__MATERIALS PROVIDED__
+ + +

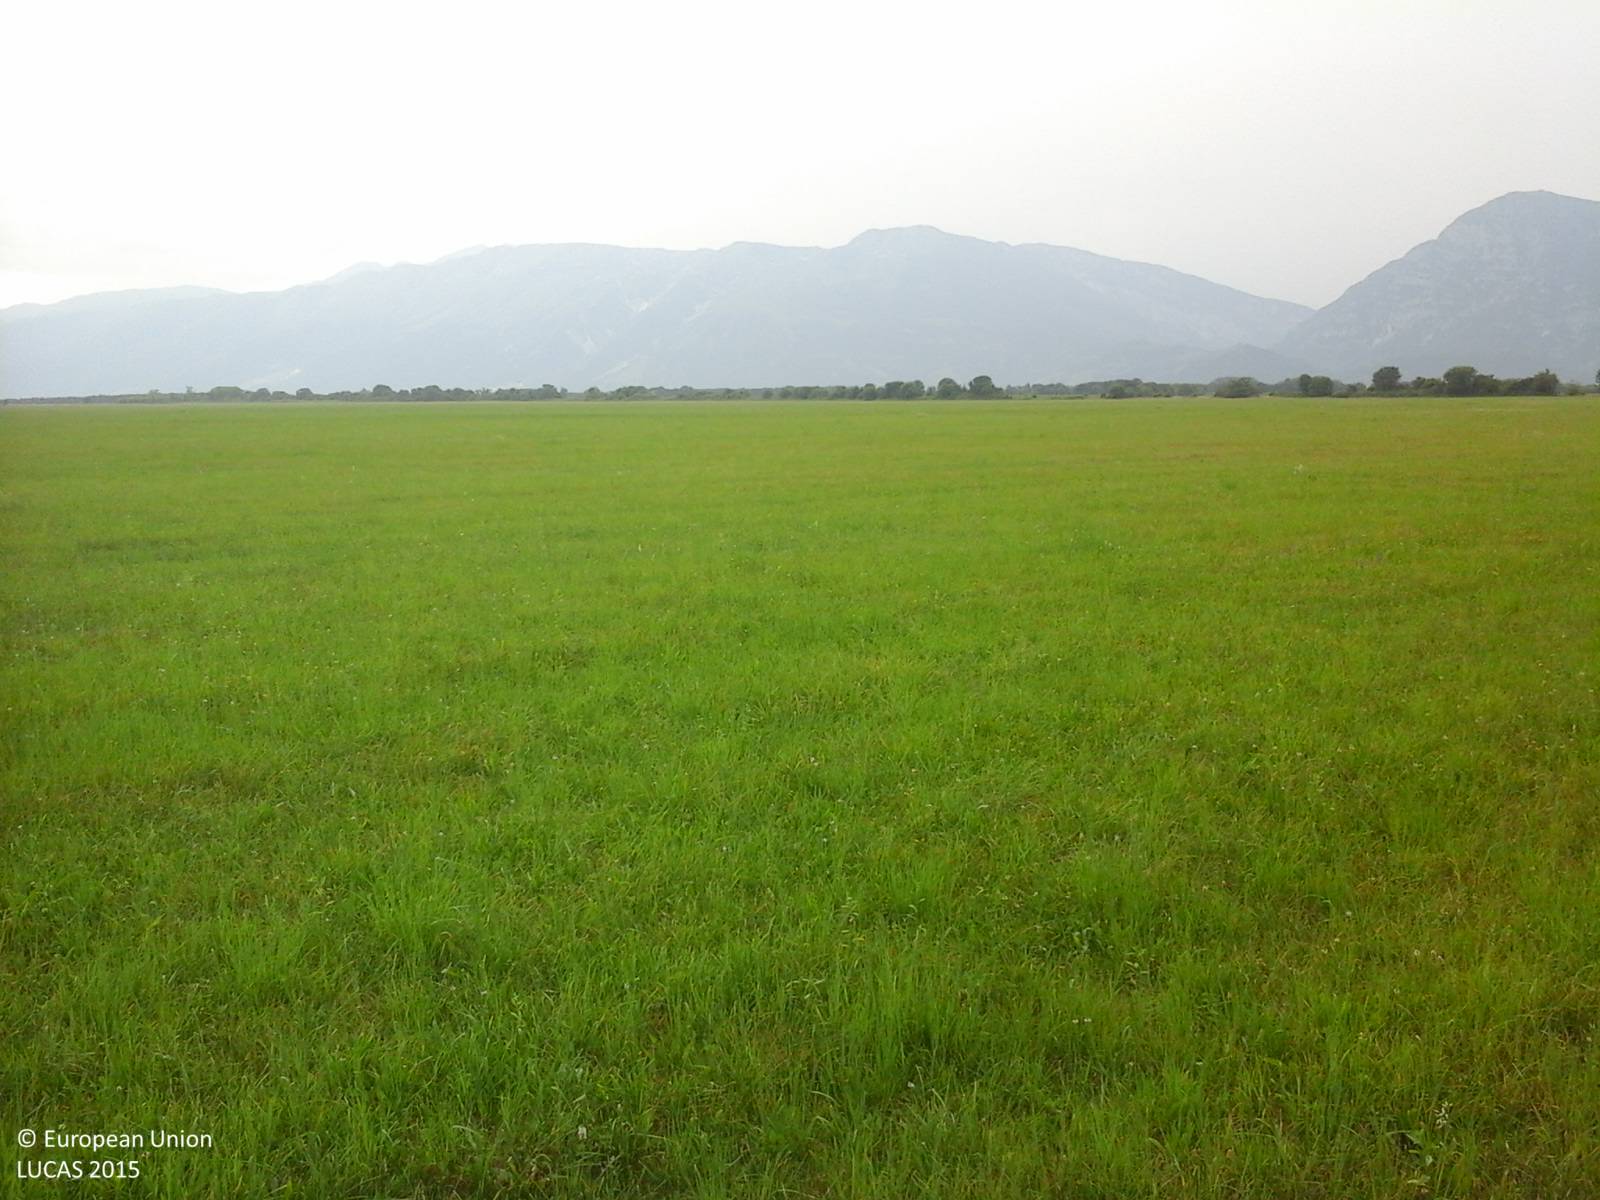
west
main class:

+ + +

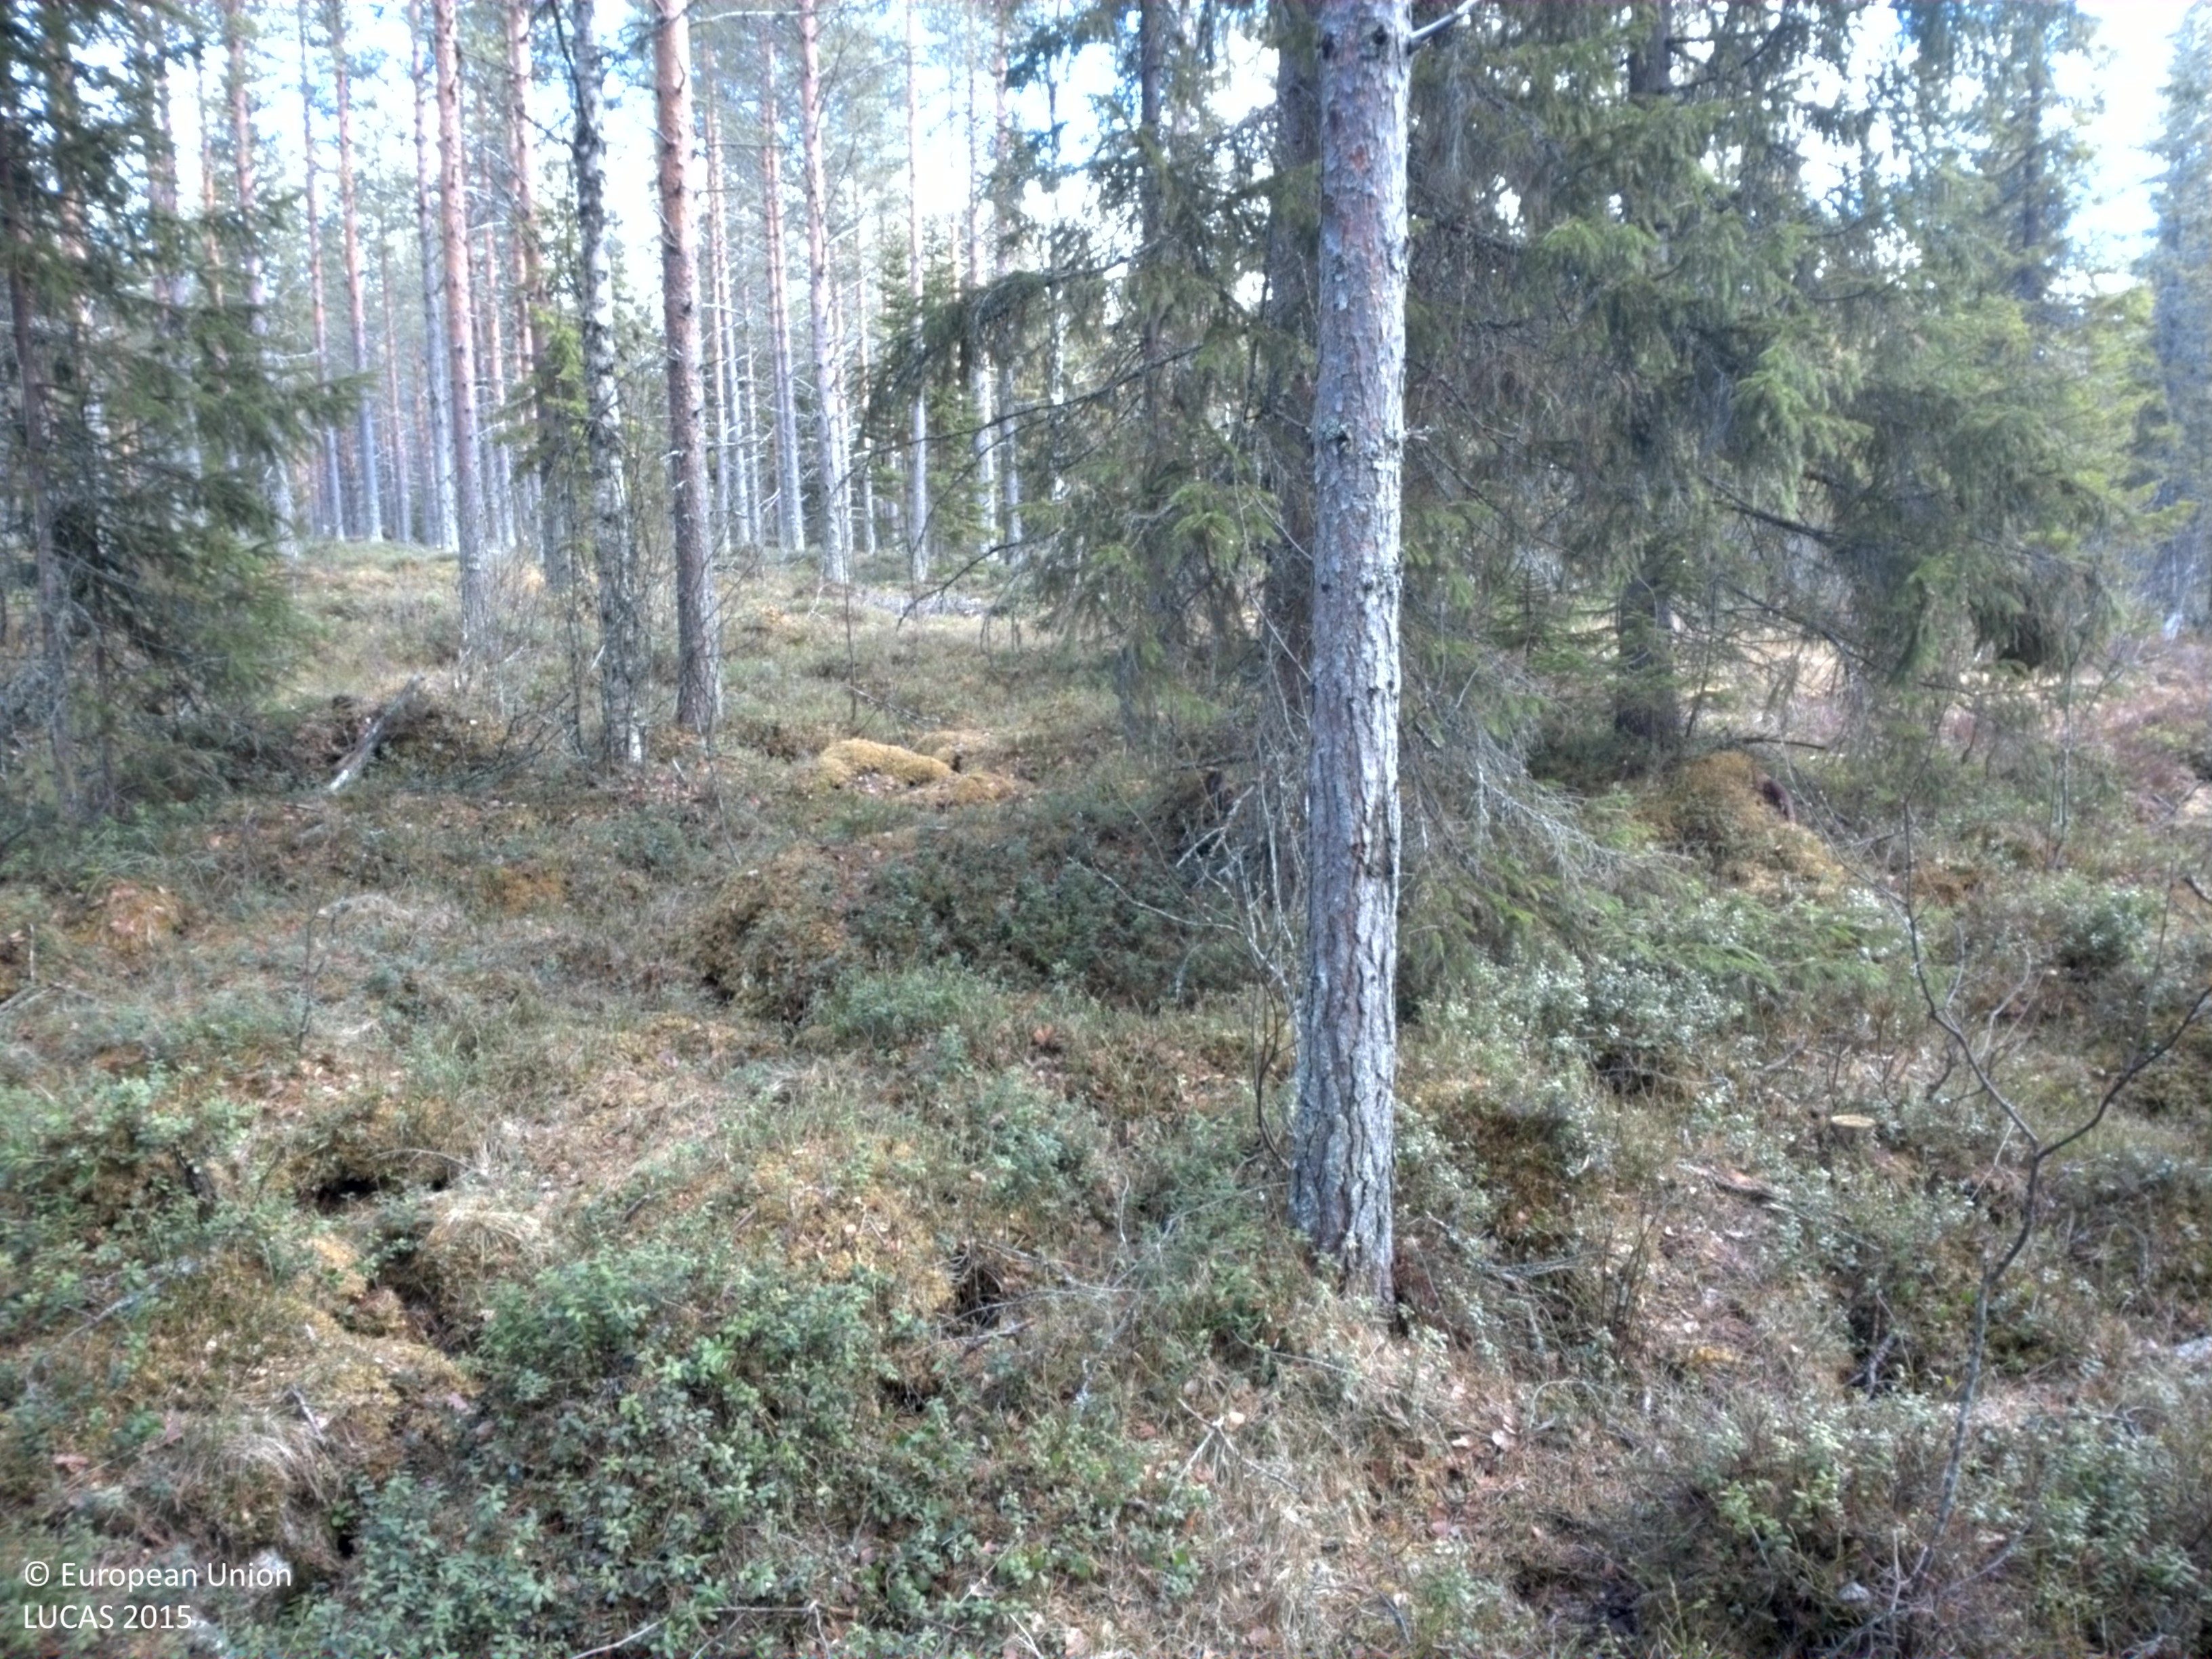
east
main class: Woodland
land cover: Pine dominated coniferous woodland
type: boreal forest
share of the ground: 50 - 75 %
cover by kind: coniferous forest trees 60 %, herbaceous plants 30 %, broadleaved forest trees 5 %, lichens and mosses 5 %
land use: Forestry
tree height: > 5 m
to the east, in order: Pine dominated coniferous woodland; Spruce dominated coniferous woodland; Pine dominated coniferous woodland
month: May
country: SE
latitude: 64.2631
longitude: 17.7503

+ + +

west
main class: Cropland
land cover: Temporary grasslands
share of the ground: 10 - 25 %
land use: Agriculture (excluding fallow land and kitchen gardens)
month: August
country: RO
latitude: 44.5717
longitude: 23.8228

+ + +

__TASK OBJECTIVE__
Precisely the lines between those holding "land cover: Temporary grasslands" and "longitude: 23.8228", inclusive, are to be reproduced from the listing above, with nothing added.

__ANSWER SPACE__
land cover: Temporary grasslands
share of the ground: 10 - 25 %
land use: Agriculture (excluding fallow land and kitchen gardens)
month: August
country: RO
latitude: 44.5717
longitude: 23.8228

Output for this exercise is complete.